I have always found Dr Kwon’s approach unsettling. If standard SRT to the bed and nodes is to be frowned upon, why then do so many men - including myself - see a dramatic DROP in PSA levels after treatment?
Surely, if there is undetectable cancer in soft tissue outside the traditional area of treatment, the radiation (with ADT in my case) would not affect it and PSA levels would be expected to rise…they don’t!
I’ve read of the different ways metastasis occurs - and they are all based on extremely complex (like paragraphs of Greek letters) mathematical formulae. The ‘stochastic’ model is bewildering to comprehend.

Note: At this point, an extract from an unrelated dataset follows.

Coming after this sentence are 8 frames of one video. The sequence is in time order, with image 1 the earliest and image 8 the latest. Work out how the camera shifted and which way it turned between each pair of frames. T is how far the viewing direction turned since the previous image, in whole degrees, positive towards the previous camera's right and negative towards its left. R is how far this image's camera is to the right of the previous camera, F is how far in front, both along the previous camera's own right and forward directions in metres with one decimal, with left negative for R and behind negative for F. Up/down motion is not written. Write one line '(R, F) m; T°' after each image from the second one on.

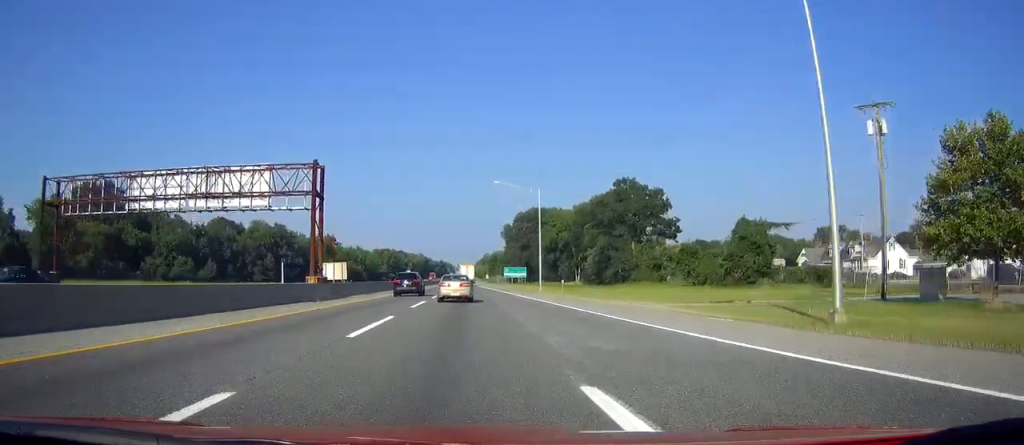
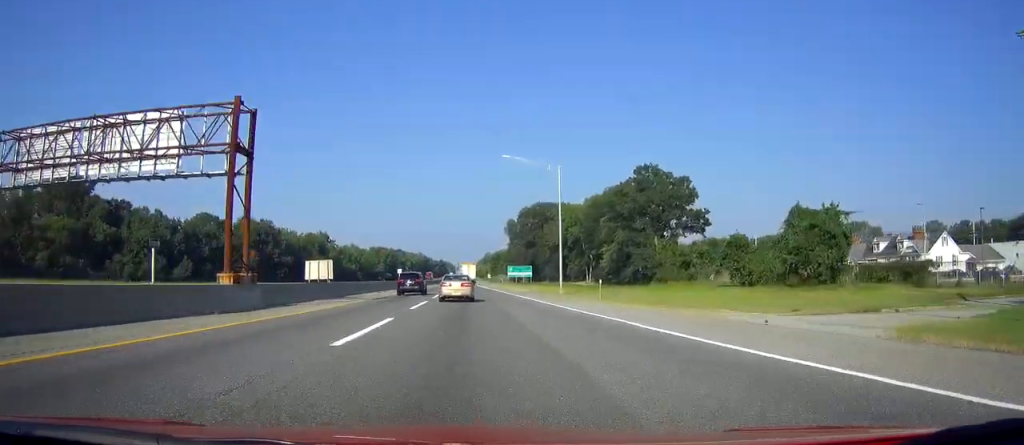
(-0.1, +16.4) m; 0°
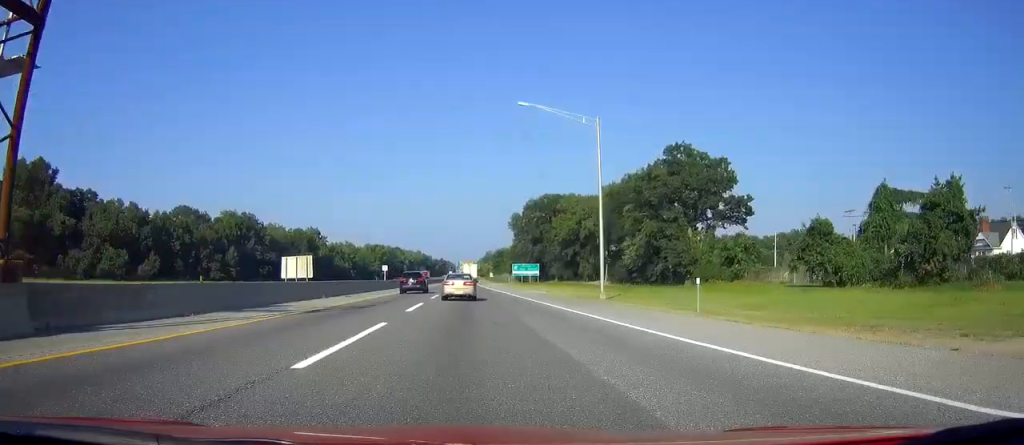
(-0.2, +18.4) m; 0°
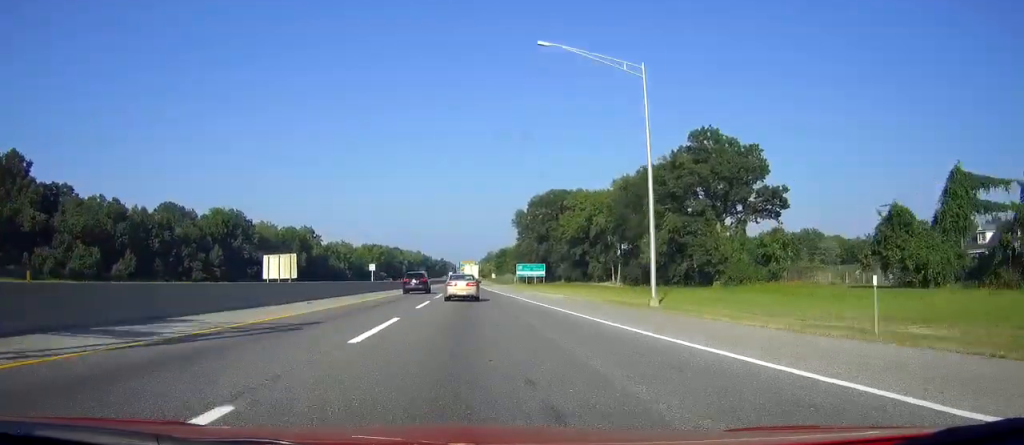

I have heard that pancreatic cancer spreads this way, in that once the tumor reaches a certain size, it is considered inoperable, as it has already micro - metastasized everywhere; which is why it is so deadly and carries such a high mortality rate.
But prostate cancer doesn’t - cure rates (long term remission) are incredibly high, so again, I wonder about Dr Kwon’s assertions.
Don’t get me wrong, he’s the expert, he’s the genius and his many papers prove his vast knowledge in this field, but with your pathology I personally would not waste any time in getting SRT with ADT. Your cancer has many factors which make it more aggressive.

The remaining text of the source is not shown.